If you do not do this, then you get stuck precisely where you got stuck.

If you doubt it, you should just shed the complexity above and think about what the form of an ideal of $R$ generated by a subset $S$ looks like:
$$\langle S\rangle=\left\{\sum_k r_ks_k r'_k\,\middle|\,s_k\in S,r_k,r'_k\in R\right\}$$
This is what is given in basically any ring theory book (which allows noncommutative rings) and appears in the wiki article here.
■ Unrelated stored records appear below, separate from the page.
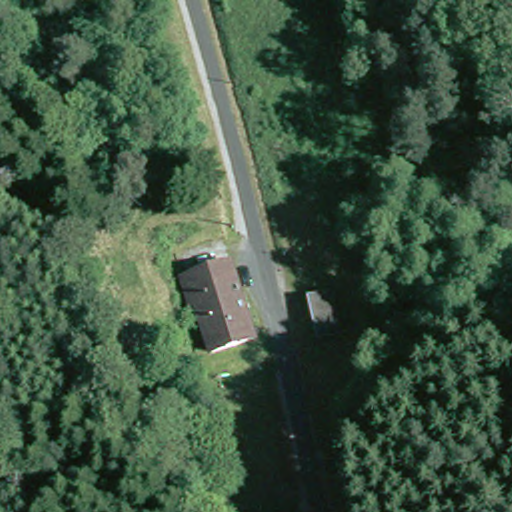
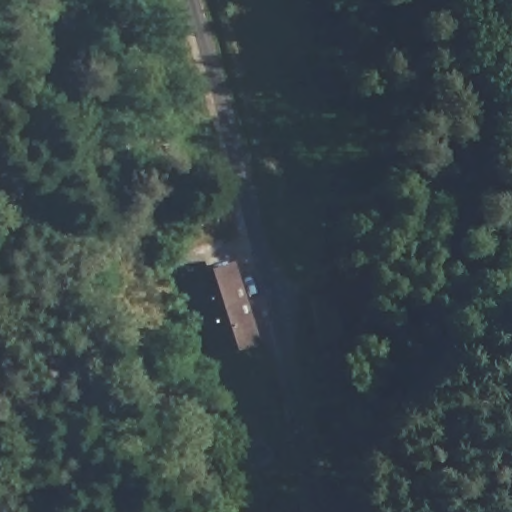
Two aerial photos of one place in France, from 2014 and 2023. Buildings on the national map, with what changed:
unchanged [(197,306),(192,308),(183,278),(232,265),(255,342),(212,353),(197,306)]
unchanged [(329,295),(337,333),(317,337),(308,298),(329,295)]

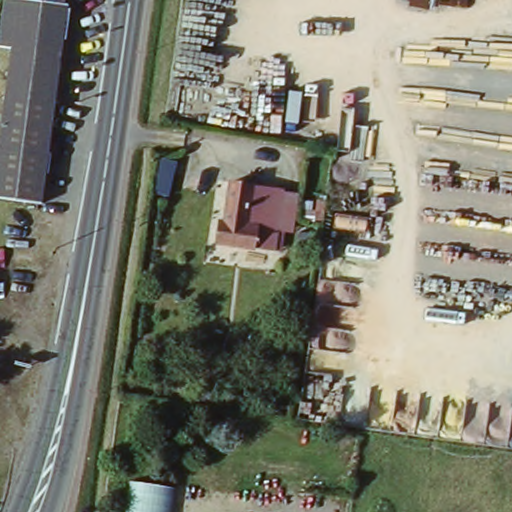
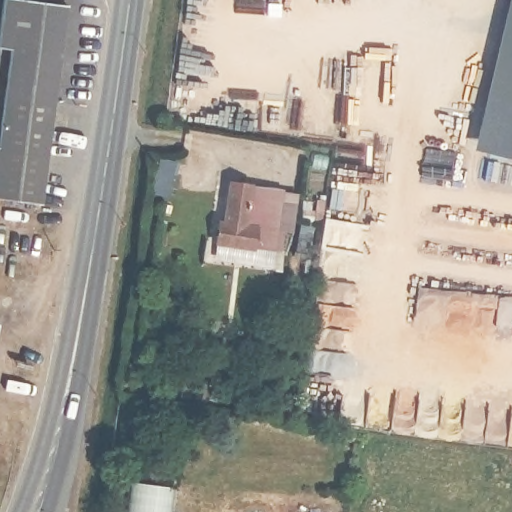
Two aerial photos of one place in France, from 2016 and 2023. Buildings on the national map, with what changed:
unchanged [(37,207),(0,202),(0,16),(2,0),(15,0),(65,6),(37,207)]
new [(512,0),(512,158),(475,150),(511,0),(512,0)]
unchanged [(244,187),(278,193),(269,255),(249,252),(206,245),(209,227),(217,227),(223,183),(244,187)]
unchanged [(126,483),(167,490),(164,512),(122,512),(126,483)]

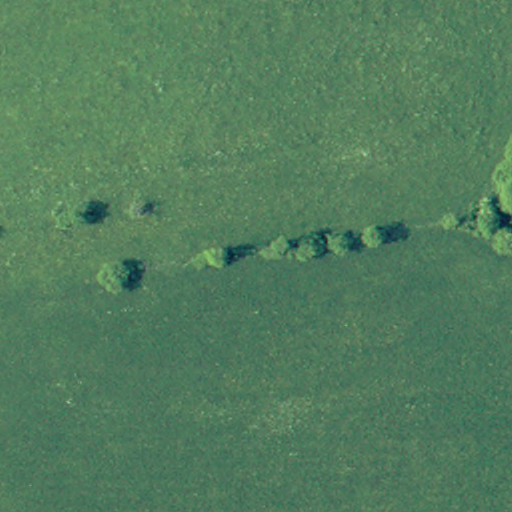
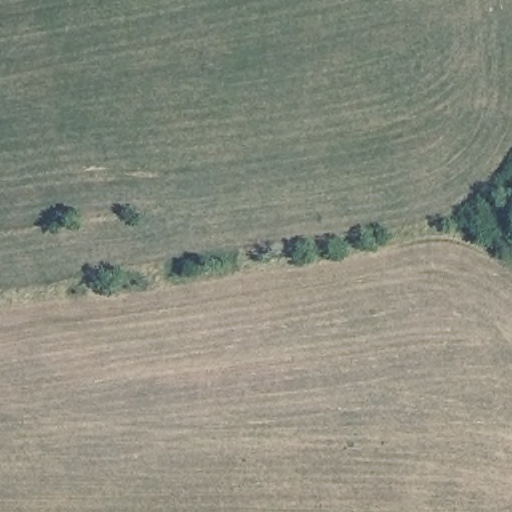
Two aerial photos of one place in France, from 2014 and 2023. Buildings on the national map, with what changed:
[]

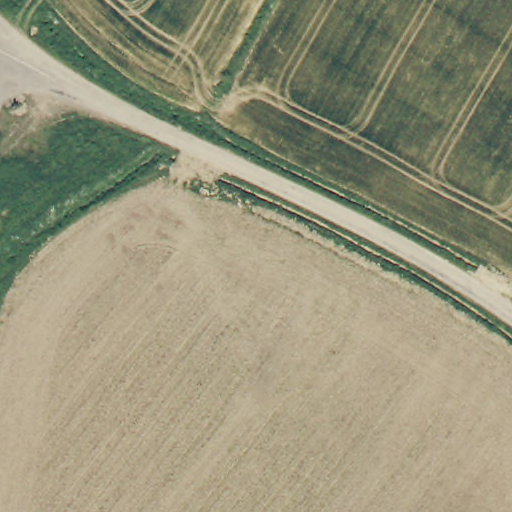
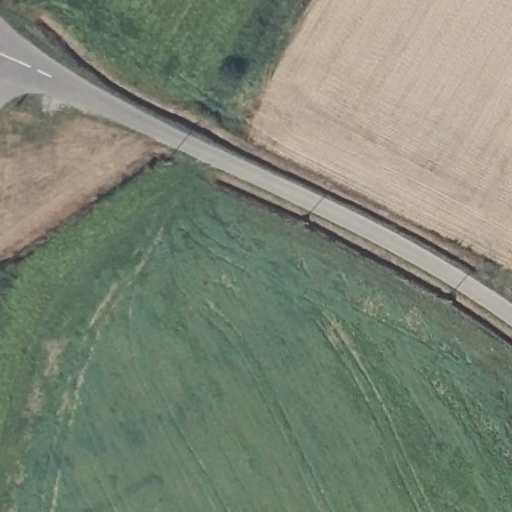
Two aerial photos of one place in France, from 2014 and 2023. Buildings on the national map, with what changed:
[]

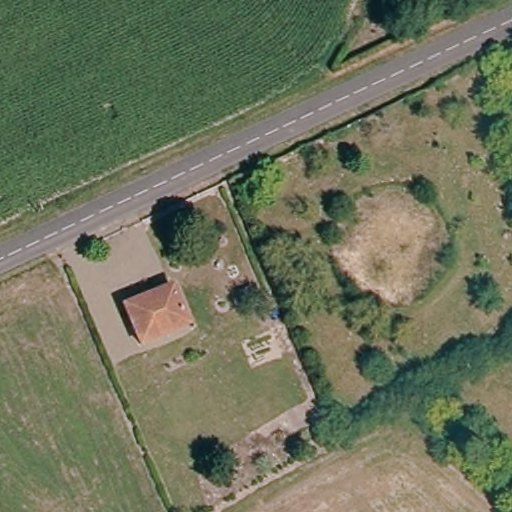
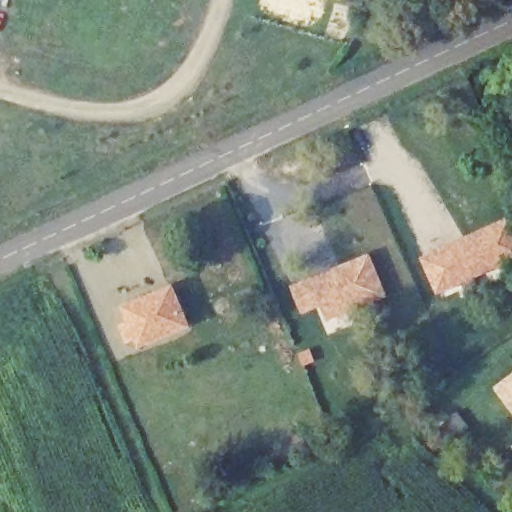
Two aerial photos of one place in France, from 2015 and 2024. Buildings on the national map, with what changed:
new [(446,240),(512,214),(512,265),(437,296),(418,254),(446,240)]
new [(329,321),(322,306),(302,314),(292,286),(369,253),(388,297),(329,321)]
unchanged [(147,342),(130,304),(177,285),(194,322),(147,342)]
new [(512,375),(512,413),(494,388),(512,375)]

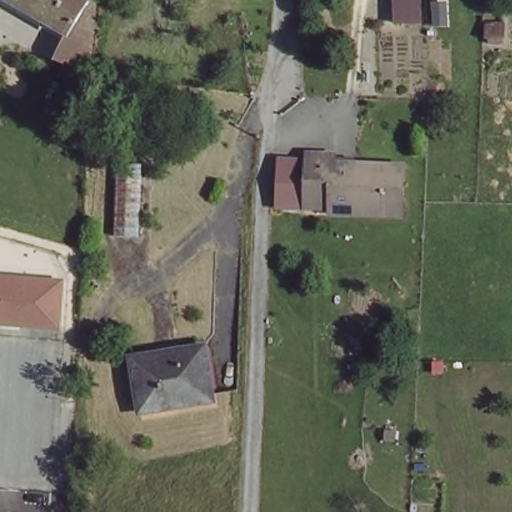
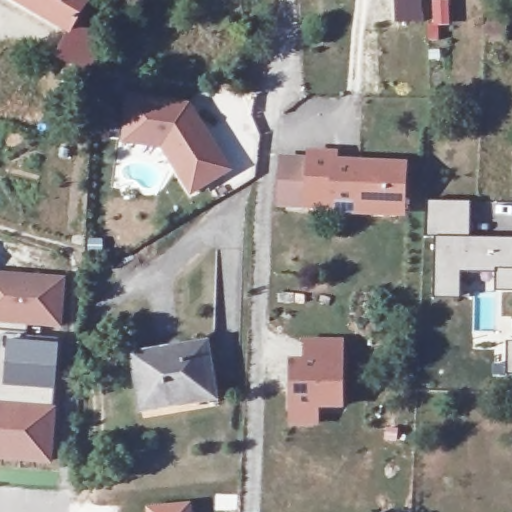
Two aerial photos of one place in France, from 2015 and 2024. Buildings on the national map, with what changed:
unchanged [(90,80),(65,76),(69,41),(0,0),(73,0),(93,11),(90,80)]
unchanged [(399,19),(398,0),(423,0),(425,18),(399,19)]
new [(188,198),(160,150),(121,144),(126,95),(190,103),(232,172),(188,198)]
unchanged [(292,206),(292,159),(320,159),(320,151),(345,151),(345,161),(412,163),(412,211),(346,208),(318,207),(292,206)]
demolished [(142,170),(140,243),(115,241),(117,169),(142,170)]
new [(495,292),(495,273),(460,274),(460,298),(433,299),(435,237),(425,238),(427,203),(470,204),(468,239),(512,239),(512,292),(495,292)]
unchanged [(0,324),(0,274),(67,279),(64,329),(0,324)]
new [(56,408),(51,464),(0,460),(0,332),(27,333),(26,338),(60,340),(51,408),(56,408)]
unchanged [(168,405),(170,411),(144,415),(133,359),(205,345),(214,397),(168,405)]
new [(292,365),(306,365),(307,345),(342,345),(342,365),(342,409),(317,409),(317,426),(292,426),(292,409),(292,365)]
new [(187,507),(187,512),(141,512),(140,507),(187,507)]

I know you may find it dubious that an author like Lundholm would have not been precise on a basic definition, but then again this thing being defined has basically no importance after the page it appears on. The author simply moved on to more interesting things.
A: The Wikipedia article Clifford algebra states

and so a Clifford algebra would be the quotient of this tensor algebra by the two-sided ideal generated by elements of the form $\,v\otimes v-Q(v)\,$ for all
  elements $\,v\in V.$

What this means is that the definition as quoted is not exactly
correct, even if the original source is quoted exactly.
The ideal required is not just the set of elements noted,
but includes a lot more elements according to the definition
of a two-sided ideal generated by a set of elements.
Of course, by definition of an ideal it would then have the
property $\,X+Y\in \mathcal{I}_Q\,$ you mention.